Действительно, чем?!

Талантом? Роскошной внешностью? Обаянием?

И где теперь всё это?...

Его тело – видение, душа – тоже видение, потому что так и осталась жалким зелёным росточком, которому не дала расцвести жажда славы и денег.

Паша встряхнулся, как попугай на ветке.

Ксюня, вздрогнув, агрессивно взмахнула дастером, но, опомнившись, отбросила его на кровать и виновато улыбнулась.

– Извини, – смущённо сказала она. – Не хотела обидеть. Скажи, а разве призраки знают не всё и не про всех?

– Многое, но не всё, – отозвался Паша.

– Может, скажешь, где моя серебряная брошка?

– Завалилась за комод.

– А тапочек куда делся?

– Под кроватью твой тапочек!

– А какая завтра будет погода?

– Солнечная. Без осадков, цунами и землетрясений.

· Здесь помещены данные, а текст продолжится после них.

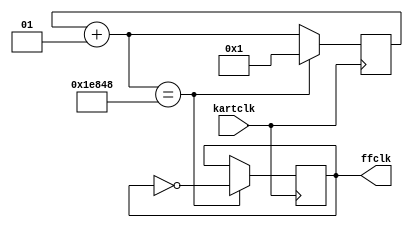
`timescale 1ns / 1ps
//////////////////////////////////////////////////////////////////////////////////
// Company: 
// Engineer: 
// 
// Design Name: 
// Module Name:    clkforbuttons 
// Project Name: 
// Target Devices: 
// Tool versions: 
// Description: 
//
// Dependencies: 
//
// Revision: 
// Revision 0.01 - File Created
// Additional Comments: 
//
//////////////////////////////////////////////////////////////////////////////////
module clkforbuttons(kartclk,ffclk
    );
	 input kartclk;
	 integer count;
	 initial count = 0;
	 output reg ffclk;
	 initial ffclk = 0;
	 
	 
	 always @(posedge kartclk) begin
	 count = count +1;
	 if(count == 125000) begin //0.005 sn clk
	 count = 1;
	 ffclk = ~ffclk;
	 end
	 end

endmodule
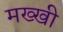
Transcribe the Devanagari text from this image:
मख्खी
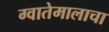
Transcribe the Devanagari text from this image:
ग्वातेमालाचा
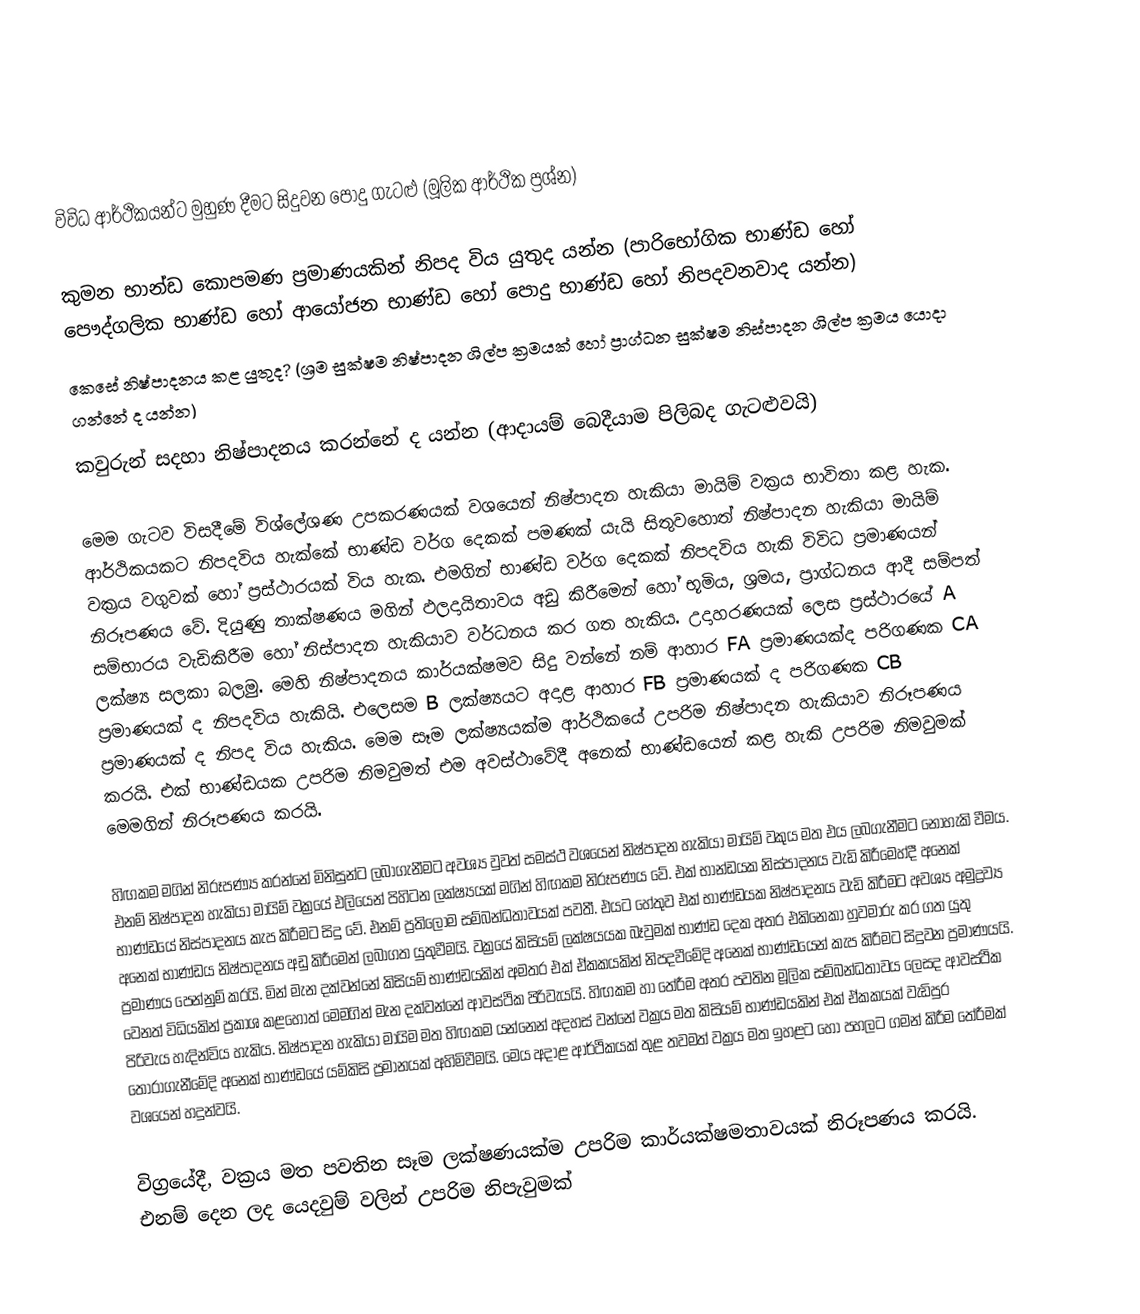

විවිධ ආර්ථිකයන්ට මුහුණ දීමට සිදුවන පොදු ගැටළු (මූලික ආර්ථික ප්‍රශ්න)

කුමන භාන්ඩ කොපමණ ප්‍රමාණයකින් නිපද විය යුතුද යන්න (පාරිභෝගික භාණ්ඩ හෝ පෞද්ගලික භාණ්ඩ හෝ ආයෝජන භාණ්ඩ හෝ පොදු භාණ්ඩ හෝ නිපදවනවාද යන්න)
කෙසේ නිෂ්පාදනය කළ යුතුද? (ශ්‍රම සුක්ෂම නිෂ්පාදන ශිල්ප ක්‍රමයක් හෝ ප්‍රාග්ධන සුක්ෂම නිස්පාදන ශිල්ප ක්‍රමය යොදා ගන්නේ ද යන්න)
කවුරුන් සදහා නිෂ්පාදනය කරන්නේ ද යන්න (ආදායම් බෙදීයාම පිලිබද ගැටළුවයි)

මෙම ගැටව විසදීමේ විශ්ලේශණ උපකරණයක් වශයෙන් නිෂ්පාදන හැකියා මායිම් වක්‍රය භාවිතා කළ හැක. ආර්ථිකයකට නිපදවිය හැක්කේ භාණ්ඩ වර්ග දෙකක් පමණක් යැයි සිතුවහොත් නිෂ්පාදන හැකියා මායිම් වක්‍රය වගුවක් හෝ ප්‍රස්ථාරයක් විය හැක. එමගින් භාණ්ඩ වර්ග දෙකක් නිපදවිය හැකි විවිධ ප්‍රමාණයන් නිරූපණය වේ. දියුණු තාක්ෂණය මගින් ඵලදායිතාවය අඩු කිරීමෙන් හෝ භූමිය, ශ්‍රමය, ප්‍රාග්ධනය ආදී සම්පත් සම්භාරය වැඩිකිරීම හෝ නිස්පාදන හැකියාව වර්ධනය කර ගත හැකිය. උදාහරණයක් ලෙස ප්‍රස්ථාරයේ A ලක්ෂ්‍ය සලකා බලමු. මෙහි නිෂ්පාදනය කාර්යක්ෂමව සිදු වන්නේ නම් ආහාර FA ප්‍රමාණයක්ද පරිගණක CA ප්‍රමාණයක් ද නිපදවිය හැකියි. එලෙසම B ලක්ෂ්‍යයට අදාළ ආහාර FB ප්‍රමාණයක් ද පරිගණක CB ප්‍රමාණයක් ද නිපද විය හැකිය. මෙම සෑම ලක්ෂ්‍යයක්ම ආර්ථිකයේ උපරිම නිෂ්පාදන හැකියාව නිරූපණය කරයි. එක් භාණ්ඩයක උපරිම නිමවුමත් එම අවස්ථාවේදී අනෙක් භාණ්ඩයෙන් කළ හැකි උපරිම නිමවුමක් මෙමගින් නිරූපණය කරයි.

හිඟකම මගින් නිරූපණ්‍ය කරන්නේ මිනිසුන්ට ලබාගැනීමට අවශ්‍ය වුවත් සමස්ථ වශයෙන් නිෂ්පාදන හැකියා මායිම් වකුය මත එය ලබ‍ගැනීමට නොහැකි වීමය. එනම් නිෂ්පාදන හැකියා මායිම් වක්‍රයේ එලියෙන් පිහිටන ලක්ෂ්‍යයක් මගින් හිඟකම නිරූපණය වේ. එක් භාන්ඩයක නිස්පාදනය වැඩි කිරීමෙහ්දී අනෙක් භාණ්ඩයේ නිස්පාදනය කැප කිරීමට සිදු වේ. එනම් ප්‍රතිලෝම සම්බන්ධතාවයක් පවතී. එයට හේතුව එක් භාණ්ඩයක නිෂ්පාදනය වැඩි කිරීමට අවශ්‍ය අමුද්‍රව්‍ය අනෙක් භාණ්ඩය නිෂ්පාදනය අඩු කිරීමෙන් ලබාගත යුතුවීමයි. වක්‍රයේ කිසියම් ලක්ෂයයක බෑවුමක් භාණ්ඩ දෙක අතර එකිනෙකා හුවමාරු කර ගත යුතු ප්‍රමාණය පෙන්නුම් කරයි. මින් මැන දක්වන්නේ කිසියම් භාණ්ඩයකින් අමතර එක් ඒකකයකින් නිපදවීමේදි අනෙක් භාණ්ඩයෙන් කැප කිරීමට සිදුවන ප්‍රමාණයයි. වෙනත් විධියකින් ප්‍රකාශ කළහොත් මෙමගින් මැන දක්වන්නේ ආවස්ථික පිරිවැයයි. හිඟකම හා තේරීම අතර පවතින මූලික සම්බන්ධතාවය ලෙසද ආවස්ථික පිරිවැය හැදින්විය හැකිය.  නිෂ්පාදන හැකියා මායිම මත හිඟකම යන්නෙන් අදහස් වන්නේ වක්‍රය මත කිසියම් භාණ්ඩයකින් එක් ඒකකයක් වැඩිපුර තෝරාගැනීමේදි අනෙක් භාණ්ඩයේ යම්කිසි ප්‍රමානයක් අහිමිවීමයි. මෙය අදාළ ආර්ථිකයක් තුළ තවමත් වක්‍රය මත ඉහළට හෝ පහලට ගමන් කිරීම තේරීමක් වශයෙන් හදුන්වයි.

විග්‍රයේදී, වක්‍රය මත පවතින සෑම ලක්ෂණයක්ම උපරිම කාර්යක්ෂමතාවයක් නිරූපණය කරයි. එනම් දෙන ලද යෙදවුම් වලින් උපරිම නිපැවුමක්

– А куда гроб подевался? – осмелела Ксюня. – Где покойница?

– В доме она, в тёмном месте, а в каком – не знаю. Я ж не ясновидящий, так… слегка паранормальный.

– А кто Алинку по голове треснул?

– Не знаю! – заорал Горазон. – Я ж говорю, призрак я, а не маг, дурёха!

– Ой, Пашка-а! – восхитилась Ксения Павловна. – Кому расскажи, не поверят! С призраком разговаривала! Да не с абы каким, а с самим Горазоном!!!

– Сболтнёшь кому, я тебя каждую ночь так веселить буду, не обрадуешься! – пригрозил Горазон.

– Ой, Пашка-а! А автограф можно? – не унималась Ксюня.

– Можно, – проворчал Горазон, и, схватив с комода губную помаду, размашисто расписался на стене.

– Кручу-верчу, я тобой дорожу, – запела вдруг Ксюня, наощупь отыскивая таблетки от давления. – Кручу-верчу, я тобой дорожу…

Пашка полетел вон из комнаты.

– Скатерть! – крикнула Ксюня. – Скатерть, проказник, отдай! Я глаза закрыла, чтоб срамоты не видеть!

Горазон скинул скатерть, и она плавно спланировала, правильно прикрыв прямоугольник стола.

– Я открываю замочек, идёт дело к ночи, не бойся остаться со мной…

Пашка прилетел на первый этаж и внимательно осмотрел дверь в подсобку. Она оказалась закрыта.

Ключа на гвоздике не было.

Можно было запросто нырнуть за эту закрытую дверь, но Горазон не любил «производственных» помещений. Они вселяли в него тоску и комплекс неполноценности из-за недостатка технического образования.

Пашка плюнул на дверь и помадой, прихваченной у Ксюни, нарисовал на ней очень короткое и очень нехорошее слово.

Никчёмная получилась вылазка. Ксюня наплела небылиц про Федьку, напридумывала чёрт знает какой ерунды.

– Кручу-верчу, я тобой дорожу, – тихонько запел он ненавистную песню, и, переместившись в столовую, начал громить там коллекционные статуэтки.

Как он любил эту роль! Только стал от неё уставать…

Завтра в полночь он наведается к Георгию Георгиевичу Гошину.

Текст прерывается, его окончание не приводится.